++++ Data in this exercise ++++
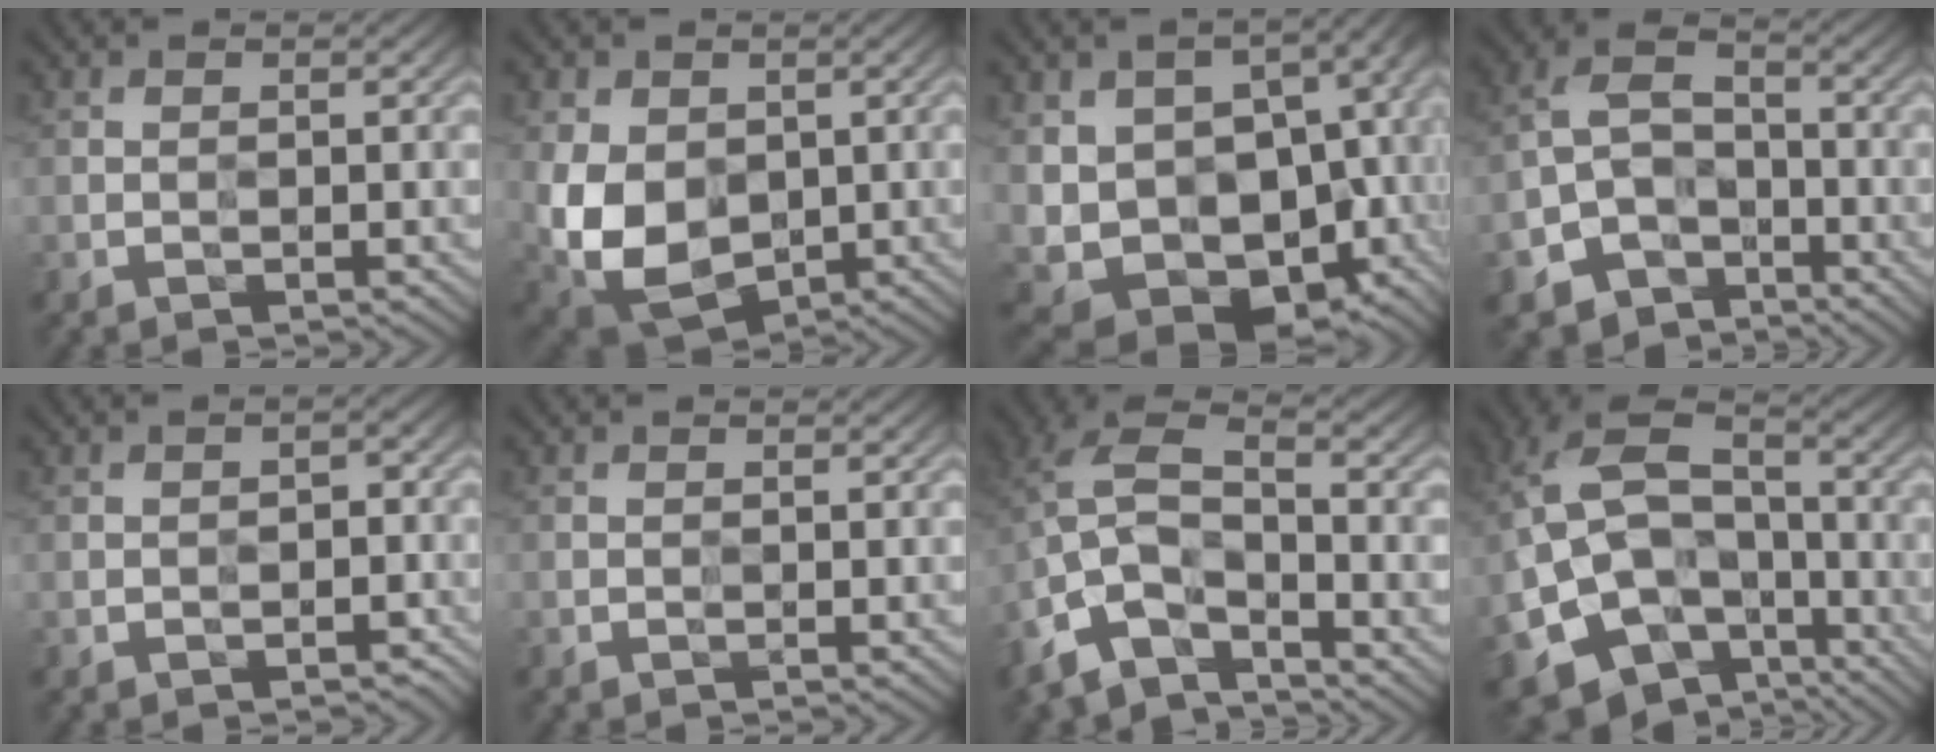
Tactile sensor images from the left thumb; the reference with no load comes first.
{"total": 11.2, "force": [-0.8, 8.3, 7.6], "torque": [-0.193, -0.033, -0.011]}
{"total": 18.3, "force": [-1.9, 13.1, 12.6], "torque": [-0.207, -0.043, 0.033]}
{"total": 8.8, "force": [-5.2, 5.9, 3.9], "torque": [-0.081, -0.022, -0.102]}
{"total": 3.1, "force": [-1.2, 2.0, 2.0], "torque": [-0.024, -0.006, -0.014]}
{"total": 0.0}
{"total": 10.2, "force": [-5.2, 4.4, 7.6], "torque": [-0.168, 0.002, -0.110]}
{"total": 18.3, "force": [-5.9, 12.4, 12.1], "torque": [-0.259, -0.017, -0.063]}
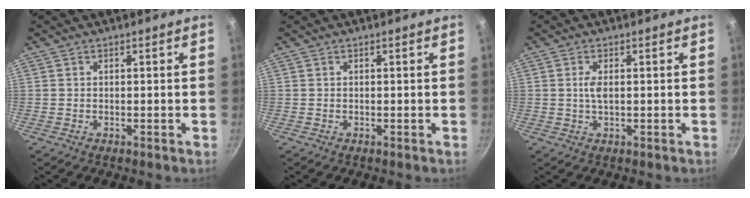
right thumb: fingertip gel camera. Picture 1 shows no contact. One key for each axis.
{"total": 0.0}
{"total": 2.4, "fx": 0.3, "fy": 1.0, "fz": 2.2, "tx": -0.047, "ty": 0.002, "tz": 0.006}
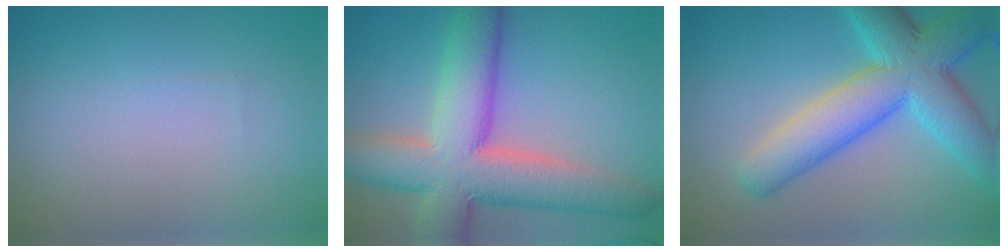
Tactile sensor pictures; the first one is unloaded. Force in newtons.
{"total": 11.6, "press": 11.6, "slide": 1.0}
{"total": 9.8, "press": 9.8, "slide": 0.3}
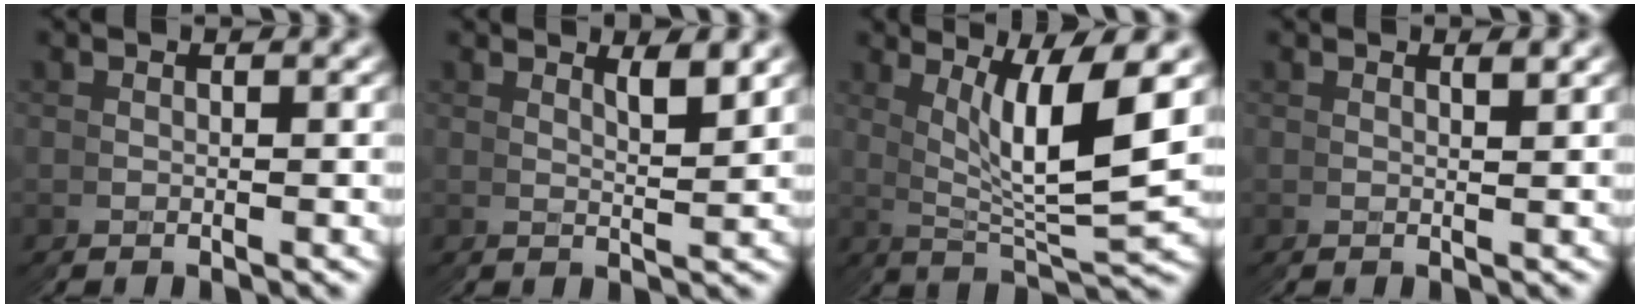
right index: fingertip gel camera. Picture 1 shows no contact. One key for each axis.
{"total": 2.2, "fx": 1.8, "fy": -0.8, "fz": 1.0, "tx": -0.015, "ty": -0.003, "tz": 0.034}
{"total": 7.4, "fx": 2.5, "fy": 1.9, "fz": 6.6, "tx": -0.125, "ty": -0.009, "tz": 0.046}
{"total": 0.9, "fx": 0.7, "fy": -0.3, "fz": 0.5, "tx": -0.002, "ty": 0.003, "tz": 0.013}
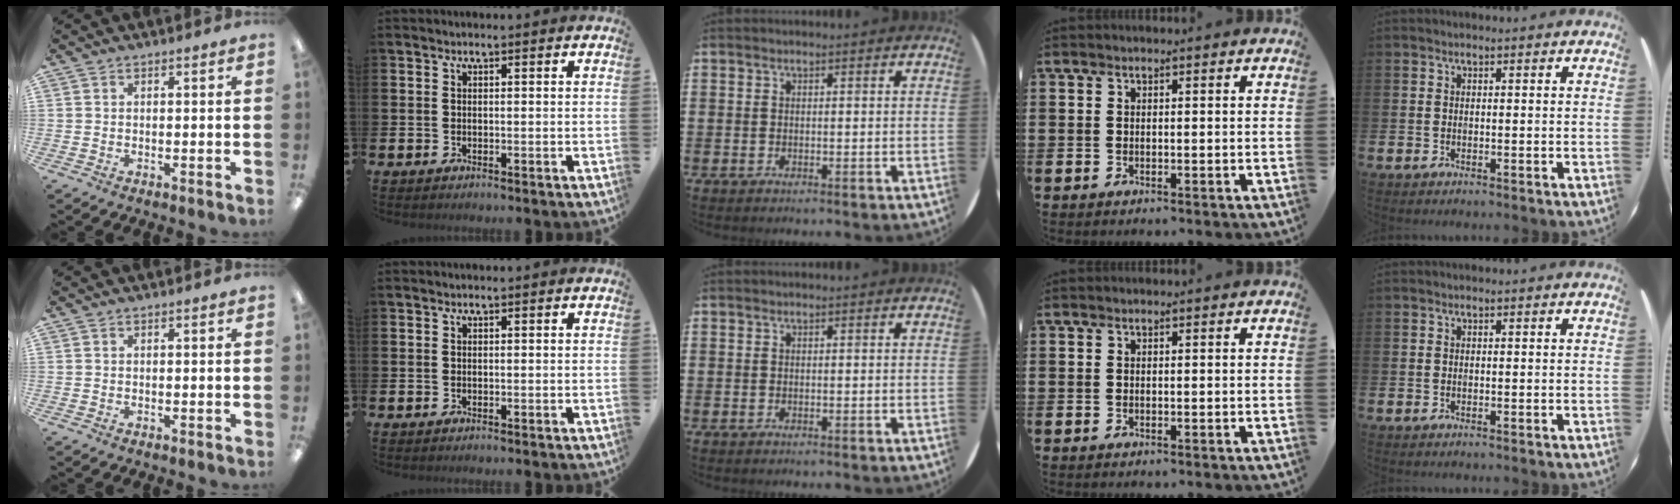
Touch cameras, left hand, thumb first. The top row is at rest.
{}
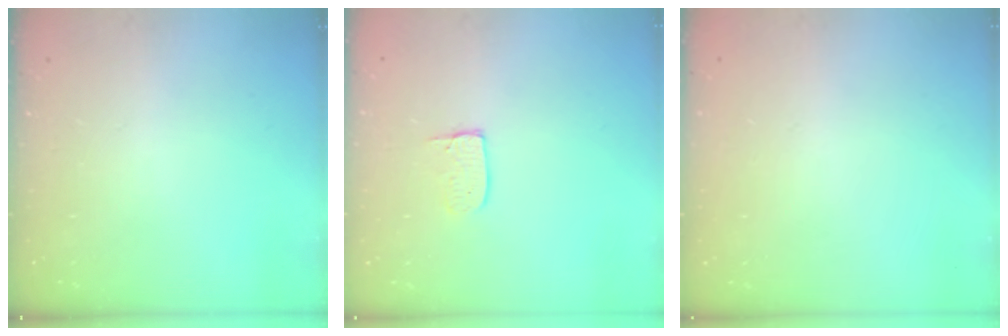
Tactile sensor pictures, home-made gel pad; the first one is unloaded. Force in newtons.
{"total": 4.3, "press": 4.3, "slide": 0.3}
{"total": 0.0}
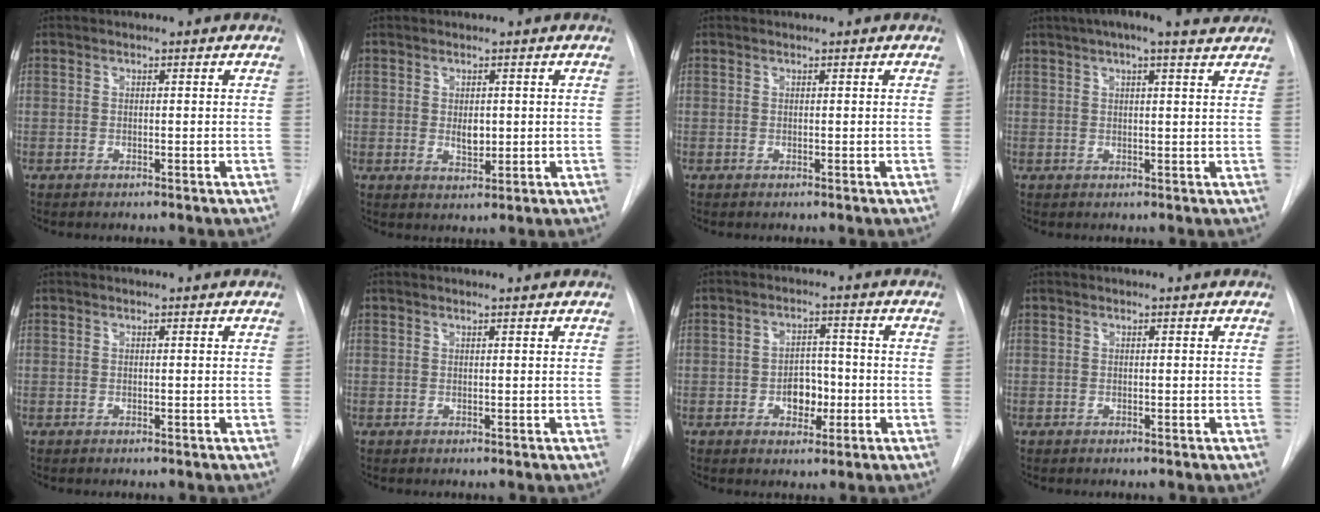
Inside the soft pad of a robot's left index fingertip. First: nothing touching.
{"total": 2.3, "force": [0.3, 1.4, 1.8], "torque": [-0.032, -0.010, 0.009]}
{"total": 0.0}
{"total": 9.3, "force": [7.6, 1.5, 5.1], "torque": [-0.082, 0.027, 0.093]}
{"total": 0.0}
{"total": 0.9, "force": [0.9, -0.2, 0.2], "torque": [-0.009, 0.003, 0.015]}
{"total": 4.7, "force": [-1.4, 3.1, 3.3], "torque": [-0.044, 0.007, -0.018]}
{"total": 0.0}
++++
= About this task =
Return the complete material above exactly, with no picture.

= Solution for this problem =
Tactile sensor images from the left thumb; the reference with no load comes first.
{"total": 11.2, "force": [-0.8, 8.3, 7.6], "torque": [-0.193, -0.033, -0.011]}
{"total": 18.3, "force": [-1.9, 13.1, 12.6], "torque": [-0.207, -0.043, 0.033]}
{"total": 8.8, "force": [-5.2, 5.9, 3.9], "torque": [-0.081, -0.022, -0.102]}
{"total": 3.1, "force": [-1.2, 2.0, 2.0], "torque": [-0.024, -0.006, -0.014]}
{"total": 0.0}
{"total": 10.2, "force": [-5.2, 4.4, 7.6], "torque": [-0.168, 0.002, -0.110]}
{"total": 18.3, "force": [-5.9, 12.4, 12.1], "torque": [-0.259, -0.017, -0.063]}
right thumb: fingertip gel camera. Picture 1 shows no contact. One key for each axis.
{"total": 0.0}
{"total": 2.4, "fx": 0.3, "fy": 1.0, "fz": 2.2, "tx": -0.047, "ty": 0.002, "tz": 0.006}
Tactile sensor pictures; the first one is unloaded. Force in newtons.
{"total": 11.6, "press": 11.6, "slide": 1.0}
{"total": 9.8, "press": 9.8, "slide": 0.3}
right index: fingertip gel camera. Picture 1 shows no contact. One key for each axis.
{"total": 2.2, "fx": 1.8, "fy": -0.8, "fz": 1.0, "tx": -0.015, "ty": -0.003, "tz": 0.034}
{"total": 7.4, "fx": 2.5, "fy": 1.9, "fz": 6.6, "tx": -0.125, "ty": -0.009, "tz": 0.046}
{"total": 0.9, "fx": 0.7, "fy": -0.3, "fz": 0.5, "tx": -0.002, "ty": 0.003, "tz": 0.013}
Touch cameras, left hand, thumb first. The top row is at rest.
{}
Tactile sensor pictures, home-made gel pad; the first one is unloaded. Force in newtons.
{"total": 4.3, "press": 4.3, "slide": 0.3}
{"total": 0.0}
Inside the soft pad of a robot's left index fingertip. First: nothing touching.
{"total": 2.3, "force": [0.3, 1.4, 1.8], "torque": [-0.032, -0.010, 0.009]}
{"total": 0.0}
{"total": 9.3, "force": [7.6, 1.5, 5.1], "torque": [-0.082, 0.027, 0.093]}
{"total": 0.0}
{"total": 0.9, "force": [0.9, -0.2, 0.2], "torque": [-0.009, 0.003, 0.015]}
{"total": 4.7, "force": [-1.4, 3.1, 3.3], "torque": [-0.044, 0.007, -0.018]}
{"total": 0.0}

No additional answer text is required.